#### TASK BRIEF
With the pictures removed, the data below must be transcribed in full and exactly.

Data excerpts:
<<<<
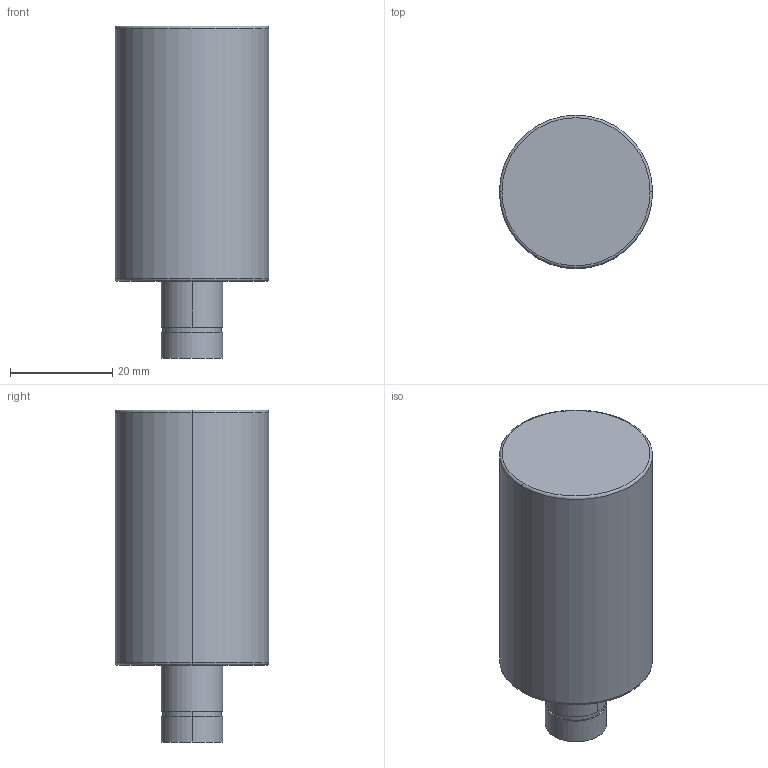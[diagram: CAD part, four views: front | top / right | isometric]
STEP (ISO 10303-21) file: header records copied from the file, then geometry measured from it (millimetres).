
FILE_DESCRIPTION((''),'2;1');
FILE_NAME('30G50_E000470A','2006-01-03T',('Pepperl+Fuchs'),('Industriehansa'),'PRO/ENGINEER BY PARAMETRIC TECHNOLOGY CORPORATION, 2005290','PRO/ENGINEER BY PARAMETRIC TECHNOLOGY CORPORATION, 2005290','');
FILE_SCHEMA(('AUTOMOTIVE_DESIGN_CC2 { 1 2 10303 214 -1 1 5 2 }'));
Length unit declared in the file: millimetre
Products named in the file (1): 30G50_E000470A
Bounding box: 30 x 30 x 65 mm (x, y, z)
Volume: 37018.3 mm3; surface area: 6671.1 mm2
Topology: 1 solids, 1 shells, 17 faces, 84 edges, 76 vertices
Faces by surface type: cylinder 8, plane 5, torus 4
Entity records: 1241 total; most frequent: DIRECTION 160, CARTESIAN_POINT 122, PRESENTATION_STYLE_ASSIGNMENT 104, STYLED_ITEM 98, CURVE_STYLE 91, ORIENTED_EDGE 64, AXIS2_PLACEMENT_3D 58, TRIMMED_CURVE 52
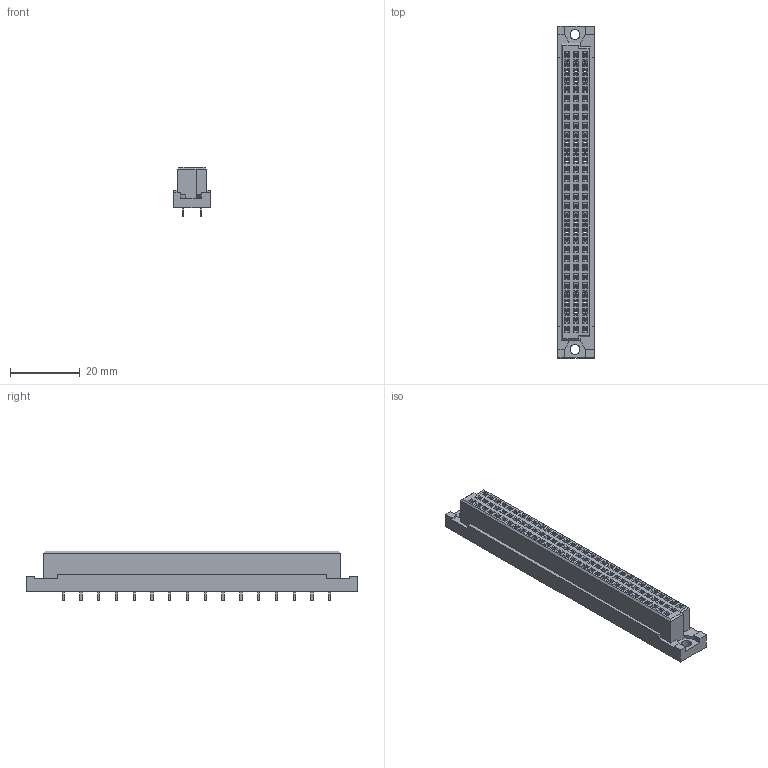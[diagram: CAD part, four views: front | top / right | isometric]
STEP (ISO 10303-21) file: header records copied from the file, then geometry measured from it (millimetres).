
FILE_DESCRIPTION(('FreeCAD Model'),'2;1');
FILE_NAME('Open CASCADE Shape Model','2023-12-29T01:43:15',( 'kicad StepUp'),('ksu MCAD'),'Open CASCADE STEP processor 7.7', 'FreeCAD','Unknown');
FILE_SCHEMA(('AUTOMOTIVE_DESIGN { 1 0 10303 214 1 1 1 1 }'));
Length unit declared in the file: millimetre
Products named in the file (3): DIN41612_C_NxM_Female_Vertical_THT; Body; Array
Assembly tree (2 placements, depth 2):
  DIN41612_C_NxM_Female_Vertical_THT
    Body
    Array
Bounding box: 10.5 x 94.9 x 14.1 mm (x, y, z)
Volume: 8645.4 mm3; surface area: 7935.3 mm2
Topology: 33 solids, 33 shells, 1620 faces, 3850 edges, 2392 vertices
Faces by surface type: plane 1618, cylinder 2
Full cylindrical faces by diameter (mm): 2.8 x2
Entity records: 30156 total; most frequent: ORIENTED_EDGE 6254, CARTESIAN_POINT 4920, EDGE_CURVE 3850, LINE 3844, VERTEX_POINT 2392, FACE_BOUND 1912, EDGE_LOOP 1912, ADVANCED_FACE 1620
>>>>
#### YOUR RESPONSE
[diagram: CAD part, four views: front | top / right | isometric]
STEP (ISO 10303-21) file: header records copied from the file, then geometry measured from it (millimetres).
FILE_DESCRIPTION((''),'2;1');
FILE_NAME('30G50_E000470A','2006-01-03T',('Pepperl+Fuchs'),('Industriehansa'),'PRO/ENGINEER BY PARAMETRIC TECHNOLOGY CORPORATION, 2005290','PRO/ENGINEER BY PARAMETRIC TECHNOLOGY CORPORATION, 2005290','');
FILE_SCHEMA(('AUTOMOTIVE_DESIGN_CC2 { 1 2 10303 214 -1 1 5 2 }'));
Length unit declared in the file: millimetre
Products named in the file (1): 30G50_E000470A
Bounding box: 30 x 30 x 65 mm (x, y, z)
Volume: 37018.3 mm3; surface area: 6671.1 mm2
Topology: 1 solids, 1 shells, 17 faces, 84 edges, 76 vertices
Faces by surface type: cylinder 8, plane 5, torus 4
Entity records: 1241 total; most frequent: DIRECTION 160, CARTESIAN_POINT 122, PRESENTATION_STYLE_ASSIGNMENT 104, STYLED_ITEM 98, CURVE_STYLE 91, ORIENTED_EDGE 64, AXIS2_PLACEMENT_3D 58, TRIMMED_CURVE 52
[diagram: CAD part, four views: front | top / right | isometric]
STEP (ISO 10303-21) file: header records copied from the file, then geometry measured from it (millimetres).
FILE_DESCRIPTION(('FreeCAD Model'),'2;1');
FILE_NAME('Open CASCADE Shape Model','2023-12-29T01:43:15',( 'kicad StepUp'),('ksu MCAD'),'Open CASCADE STEP processor 7.7', 'FreeCAD','Unknown');
FILE_SCHEMA(('AUTOMOTIVE_DESIGN { 1 0 10303 214 1 1 1 1 }'));
Length unit declared in the file: millimetre
Products named in the file (3): DIN41612_C_NxM_Female_Vertical_THT; Body; Array
Assembly tree (2 placements, depth 2):
  DIN41612_C_NxM_Female_Vertical_THT
    Body
    Array
Bounding box: 10.5 x 94.9 x 14.1 mm (x, y, z)
Volume: 8645.4 mm3; surface area: 7935.3 mm2
Topology: 33 solids, 33 shells, 1620 faces, 3850 edges, 2392 vertices
Faces by surface type: plane 1618, cylinder 2
Full cylindrical faces by diameter (mm): 2.8 x2
Entity records: 30156 total; most frequent: ORIENTED_EDGE 6254, CARTESIAN_POINT 4920, EDGE_CURVE 3850, LINE 3844, VERTEX_POINT 2392, FACE_BOUND 1912, EDGE_LOOP 1912, ADVANCED_FACE 1620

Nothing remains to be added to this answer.